■ **Extracted information**
+--

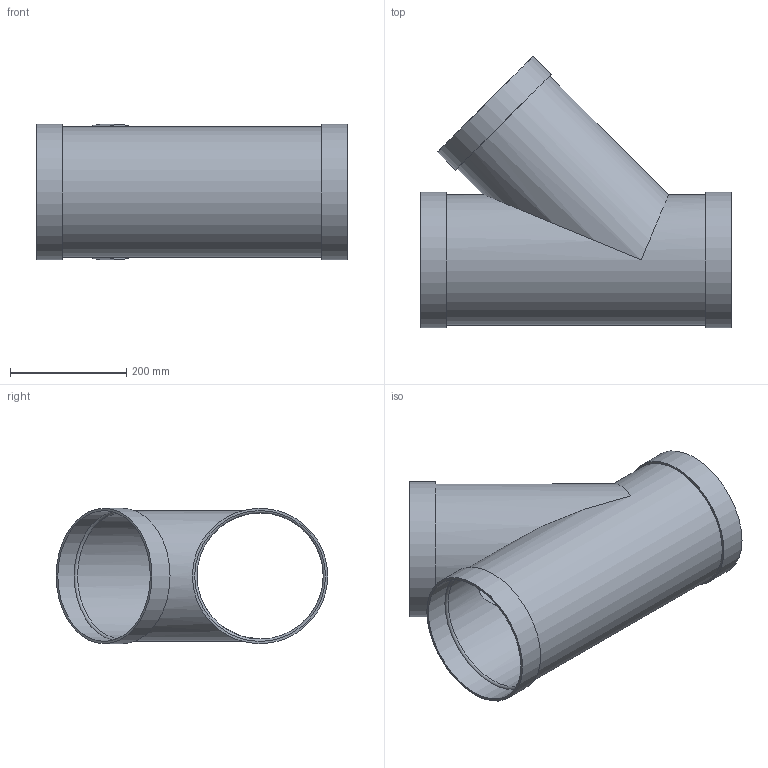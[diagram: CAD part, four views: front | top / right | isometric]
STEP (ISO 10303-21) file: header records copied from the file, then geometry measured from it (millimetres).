
FILE_DESCRIPTION( ( 'STEP AP214' ), '1' );
FILE_NAME( '3000310H.stp', '2021-12-02T07:42:22', ( 'License CC BY-ND 4.0' ), ( 'CADENAS' ), ' ', 'PARTsolutions', ' ' );
FILE_SCHEMA( ( 'AUTOMOTIVE_DESIGN { 1 0 10303 214 1 1 1 1 }' ) );
Length unit declared in the file: millimetre
Products named in the file (1): _3000310H
Bounding box: 534 x 467.3 x 233 mm (x, y, z)
Volume: 2024100.9 mm3; surface area: 1020673.5 mm2
Topology: 1 solids, 1 shells, 19 faces, 39 edges, 24 vertices
Faces by surface type: cylinder 10, plane 6, torus 3
Full cylindrical faces by diameter (mm): 217 x2, 225 x5, 233 x3
Entity records: 590 total; most frequent: DIRECTION 84, CARTESIAN_POINT 64, ORIENTED_EDGE 44, AXIS2_PLACEMENT_3D 42, EDGE_LOOP 40, FACE_OUTER_BOUND 32, EDGE_CURVE 22, VERTEX_POINT 22
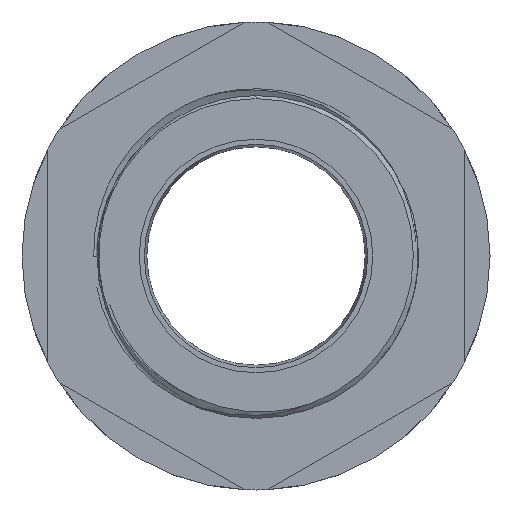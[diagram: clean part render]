
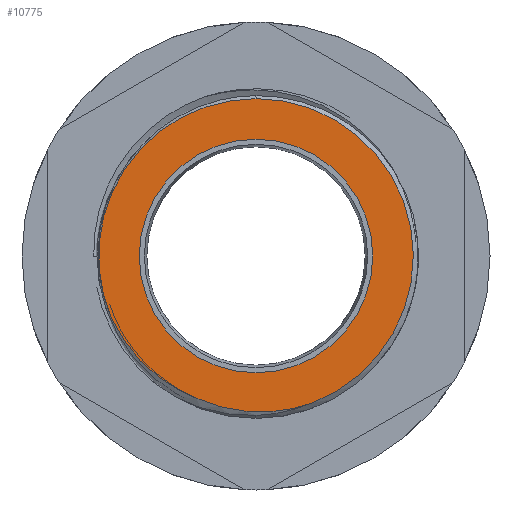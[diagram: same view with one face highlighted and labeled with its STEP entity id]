
A CAD part, front view. The second image highlights one B-rep face of the part: STEP entity #10775.
In plain terms, the highlighted planar face has unit normal (0, -1, 0).
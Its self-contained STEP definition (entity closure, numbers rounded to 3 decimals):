
#127 = B_SPLINE_CURVE_WITH_KNOTS ( 'NONE', 3,
 ( #2702, #6759, #10558, #4748, #11477, #5797, #12413, #6808, #716, #7805, #1746, #8700, #2741, #9659 ),
 .UNSPECIFIED., .F., .F.,
 ( 4, 2, 2, 2, 2, 2, 4 ),
 ( 0., 0.001, 0.003, 0.006, 0.007, 0.009, 0.012 ),
 .UNSPECIFIED. ) ;
#452 = EDGE_CURVE ( 'NONE', #8443, #6692, #1370, .T. ) ;
#716 = CARTESIAN_POINT ( 'NONE',  ( 0.72, -10., -15.36 ) ) ;
#1062 = CARTESIAN_POINT ( 'NONE',  ( -14.227, -10., -6.151 ) ) ;
#1370 = CIRCLE ( 'NONE', #9606, 15.5 ) ;
#1377 = CARTESIAN_POINT ( 'NONE',  ( 0., -10., 15.5 ) ) ;
#1616 = EDGE_CURVE ( 'NONE', #12516, #11417, #3828, .T. ) ;
#1746 = CARTESIAN_POINT ( 'NONE',  ( 2.185, -10., -15.26 ) ) ;
#2367 = ORIENTED_EDGE ( 'NONE', *, *, #2530, .F. ) ;
#2402 = DIRECTION ( 'NONE',  ( 0., 0., 1. ) ) ;
#2405 = DIRECTION ( 'NONE',  ( 0., -1., 0. ) ) ;
#2415 = CARTESIAN_POINT ( 'NONE',  ( 0., -10., 0. ) ) ;
#2498 = CARTESIAN_POINT ( 'NONE',  ( -5.917, -10., -13.985 ) ) ;
#2502 = CARTESIAN_POINT ( 'NONE',  ( -6.375, -10., -13.806 ) ) ;
#2507 = CIRCLE ( 'NONE', #5752, 11.5 ) ;
#2522 = CARTESIAN_POINT ( 'NONE',  ( -6.823, -10., -13.605 ) ) ;
#2530 = EDGE_CURVE ( 'NONE', #7562, #7619, #2507, .T. ) ;
#2536 = CARTESIAN_POINT ( 'NONE',  ( -7.698, -10., -13.162 ) ) ;
#2541 = CARTESIAN_POINT ( 'NONE',  ( -8.127, -10., -12.917 ) ) ;
#2550 = CARTESIAN_POINT ( 'NONE',  ( -9.364, -10., -12.131 ) ) ;
#2553 = CARTESIAN_POINT ( 'NONE',  ( -10.128, -10., -11.534 ) ) ;
#2579 = CARTESIAN_POINT ( 'NONE',  ( -11.186, -10., -10.532 ) ) ;
#2588 = CARTESIAN_POINT ( 'NONE',  ( -11.524, -10., -10.18 ) ) ;
#2598 = CARTESIAN_POINT ( 'NONE',  ( -12.169, -10., -9.441 ) ) ;
#2606 = CARTESIAN_POINT ( 'NONE',  ( -12.474, -10., -9.057 ) ) ;
#2666 = CARTESIAN_POINT ( 'NONE',  ( -14.227, -10., -6.151 ) ) ;
#2702 = CARTESIAN_POINT ( 'NONE',  ( -5.917, -10., -13.985 ) ) ;
#2741 = CARTESIAN_POINT ( 'NONE',  ( 4.569, -10., -14.816 ) ) ;
#2833 = CARTESIAN_POINT ( 'NONE',  ( -13.816, -10., -7.035 ) ) ;
#2906 = CARTESIAN_POINT ( 'NONE',  ( -13.326, -10., -7.871 ) ) ;
#3103 = ORIENTED_EDGE ( 'NONE', *, *, #9957, .F. ) ;
#3589 = CARTESIAN_POINT ( 'NONE',  ( 5.493, -10., -14.494 ) ) ;
#3693 = CIRCLE ( 'NONE', #5678, 15.5 ) ;
#3828 = B_SPLINE_CURVE_WITH_KNOTS ( 'NONE', 3,
 ( #2666, #2833, #2906, #2606, #2598, #2588, #2579, #2553, #2550, #2541, #2536, #2522, #2502, #2498 ),
 .UNSPECIFIED., .F., .F.,
 ( 4, 2, 2, 2, 2, 2, 4 ),
 ( 0.019, 0.022, 0.024, 0.025, 0.028, 0.029, 0.031 ),
 .UNSPECIFIED. ) ;
#3936 = DIRECTION ( 'NONE',  ( 0., -1., 0. ) ) ;
#4216 = ORIENTED_EDGE ( 'NONE', *, *, #1616, .T. ) ;
#4748 = CARTESIAN_POINT ( 'NONE',  ( -4.085, -10., -14.69 ) ) ;
#4802 = AXIS2_PLACEMENT_3D ( 'NONE', #9384, #12175, #6561 ) ;
#4884 = AXIS2_PLACEMENT_3D ( 'NONE', #9833, #3936, #10754 ) ;
#4909 = CARTESIAN_POINT ( 'NONE',  ( 0., -10., 11.5 ) ) ;
#5001 = DIRECTION ( 'NONE',  ( 0., -1., 0. ) ) ;
#5571 = EDGE_LOOP ( 'NONE', ( #7351, #11981, #4216, #11564 ) ) ;
#5678 = AXIS2_PLACEMENT_3D ( 'NONE', #10779, #5001, #11717 ) ;
#5752 = AXIS2_PLACEMENT_3D ( 'NONE', #9575, #9543, #9768 ) ;
#5797 = CARTESIAN_POINT ( 'NONE',  ( -2.19, -10., -15.167 ) ) ;
#6207 = EDGE_LOOP ( 'NONE', ( #2367, #3103 ) ) ;
#6460 = CIRCLE ( 'NONE', #4884, 11.5 ) ;
#6561 = DIRECTION ( 'NONE',  ( 0., 0., 1. ) ) ;
#6692 = VERTEX_POINT ( 'NONE', #1377 ) ;
#6759 = CARTESIAN_POINT ( 'NONE',  ( -5.47, -10., -14.189 ) ) ;
#6808 = CARTESIAN_POINT ( 'NONE',  ( 0.229, -10., -15.362 ) ) ;
#7351 = ORIENTED_EDGE ( 'NONE', *, *, #452, .T. ) ;
#7562 = VERTEX_POINT ( 'NONE', #7854 ) ;
#7619 = VERTEX_POINT ( 'NONE', #4909 ) ;
#7805 = CARTESIAN_POINT ( 'NONE',  ( 1.7, -10., -15.308 ) ) ;
#7854 = CARTESIAN_POINT ( 'NONE',  ( 0., -10., -11.5 ) ) ;
#8443 = VERTEX_POINT ( 'NONE', #3589 ) ;
#8700 = CARTESIAN_POINT ( 'NONE',  ( 3.626, -10., -15.046 ) ) ;
#9279 = FACE_BOUND ( 'NONE', #6207, .T. ) ;
#9384 = CARTESIAN_POINT ( 'NONE',  ( 0., -10., 0. ) ) ;
#9543 = DIRECTION ( 'NONE',  ( 0., -1., 0. ) ) ;
#9575 = CARTESIAN_POINT ( 'NONE',  ( 0., -10., 0. ) ) ;
#9606 = AXIS2_PLACEMENT_3D ( 'NONE', #2415, #2405, #2402 ) ;
#9659 = CARTESIAN_POINT ( 'NONE',  ( 5.493, -10., -14.494 ) ) ;
#9768 = DIRECTION ( 'NONE',  ( 0., 0., -1. ) ) ;
#9833 = CARTESIAN_POINT ( 'NONE',  ( 0., -10., 0. ) ) ;
#9957 = EDGE_CURVE ( 'NONE', #7619, #7562, #6460, .T. ) ;
#10558 = CARTESIAN_POINT ( 'NONE',  ( -5.014, -10., -14.371 ) ) ;
#10754 = DIRECTION ( 'NONE',  ( 0., 0., -1. ) ) ;
#10775 = ADVANCED_FACE ( 'NONE', ( #9279, #10892 ), #11262, .F. ) ;
#10779 = CARTESIAN_POINT ( 'NONE',  ( 0., -10., 0. ) ) ;
#10892 = FACE_OUTER_BOUND ( 'NONE', #5571, .T. ) ;
#11262 = PLANE ( 'NONE',  #4802 ) ;
#11414 = EDGE_CURVE ( 'NONE', #6692, #12516, #3693, .T. ) ;
#11417 = VERTEX_POINT ( 'NONE', #11679 ) ;
#11477 = CARTESIAN_POINT ( 'NONE',  ( -3.612, -10., -14.827 ) ) ;
#11564 = ORIENTED_EDGE ( 'NONE', *, *, #11827, .T. ) ;
#11679 = CARTESIAN_POINT ( 'NONE',  ( -5.917, -10., -13.985 ) ) ;
#11717 = DIRECTION ( 'NONE',  ( 0., 0., 1. ) ) ;
#11827 = EDGE_CURVE ( 'NONE', #11417, #8443, #127, .T. ) ;
#11981 = ORIENTED_EDGE ( 'NONE', *, *, #11414, .T. ) ;
#12175 = DIRECTION ( 'NONE',  ( 0., 1., 0. ) ) ;
#12413 = CARTESIAN_POINT ( 'NONE',  ( -1.229, -10., -15.301 ) ) ;
#12516 = VERTEX_POINT ( 'NONE', #1062 ) ;
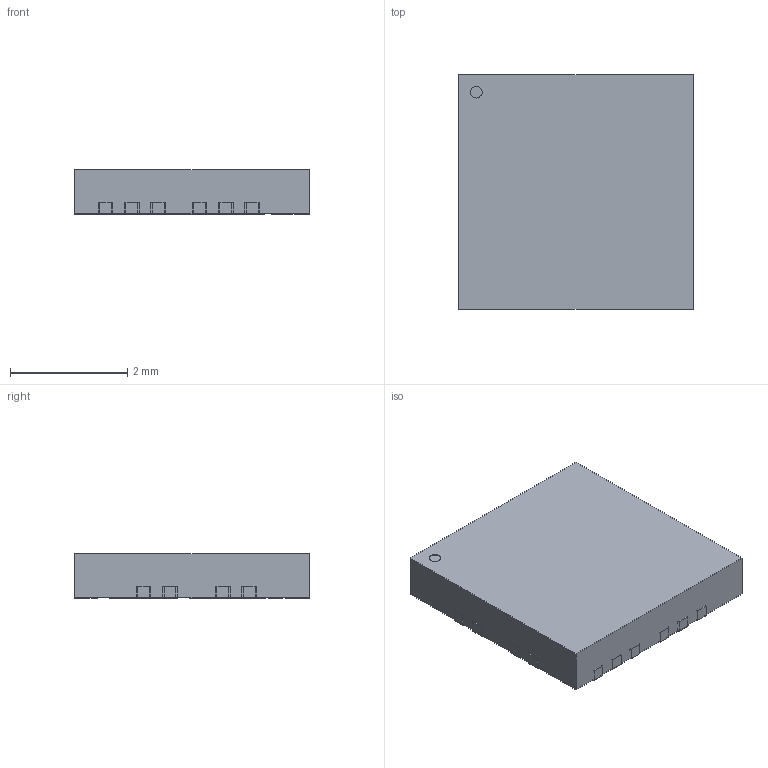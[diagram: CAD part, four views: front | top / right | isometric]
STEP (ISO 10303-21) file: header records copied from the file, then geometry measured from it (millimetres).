
FILE_DESCRIPTION(('FreeCAD Model'),'2;1');
FILE_NAME('Open CASCADE Shape Model','2021-06-08T12:26:49',( 'kicad StepUp'),('ksu MCAD'),'Open CASCADE STEP processor 7.5', 'FreeCAD','Unknown');
FILE_SCHEMA(('AUTOMOTIVE_DESIGN { 1 0 10303 214 1 1 1 1 }'));
Length unit declared in the file: millimetre
Products named in the file (1): Vishay_PowerPAK_MLP44_24L_cp
Bounding box: 4.02 x 4.02 x 0.76 mm (x, y, z)
Surface area: 68.9 mm2
Topology: 5 solids, 5 shells, 314 faces, 897 edges, 598 vertices
Faces by surface type: plane 234, cylinder 80
Full cylindrical faces by diameter (mm): 0.2 x2
Entity records: 10382 total; most frequent: CARTESIAN_POINT 1810, ORIENTED_EDGE 1794, DIRECTION 1747, EDGE_CURVE 897, LINE 677, VECTOR 677, VERTEX_POINT 598, AXIS2_PLACEMENT_3D 535

+--

■ **Exercise aim**
Please extract exactly the lines of the data, from the first through the line containing "FILE_SCHEMA( ( 'AUTOMOTIVE_DESIGN", and add no pictures to the copy.

■ **Exercise output**
[diagram: CAD part, four views: front | top / right | isometric]
STEP (ISO 10303-21) file: header records copied from the file, then geometry measured from it (millimetres).
FILE_DESCRIPTION( ( 'STEP AP214' ), '1' );
FILE_NAME( '3000310H.stp', '2021-12-02T07:42:22', ( 'License CC BY-ND 4.0' ), ( 'CADENAS' ), ' ', 'PARTsolutions', ' ' );
FILE_SCHEMA( ( 'AUTOMOTIVE_DESIGN { 1 0 10303 214 1 1 1 1 }' ) );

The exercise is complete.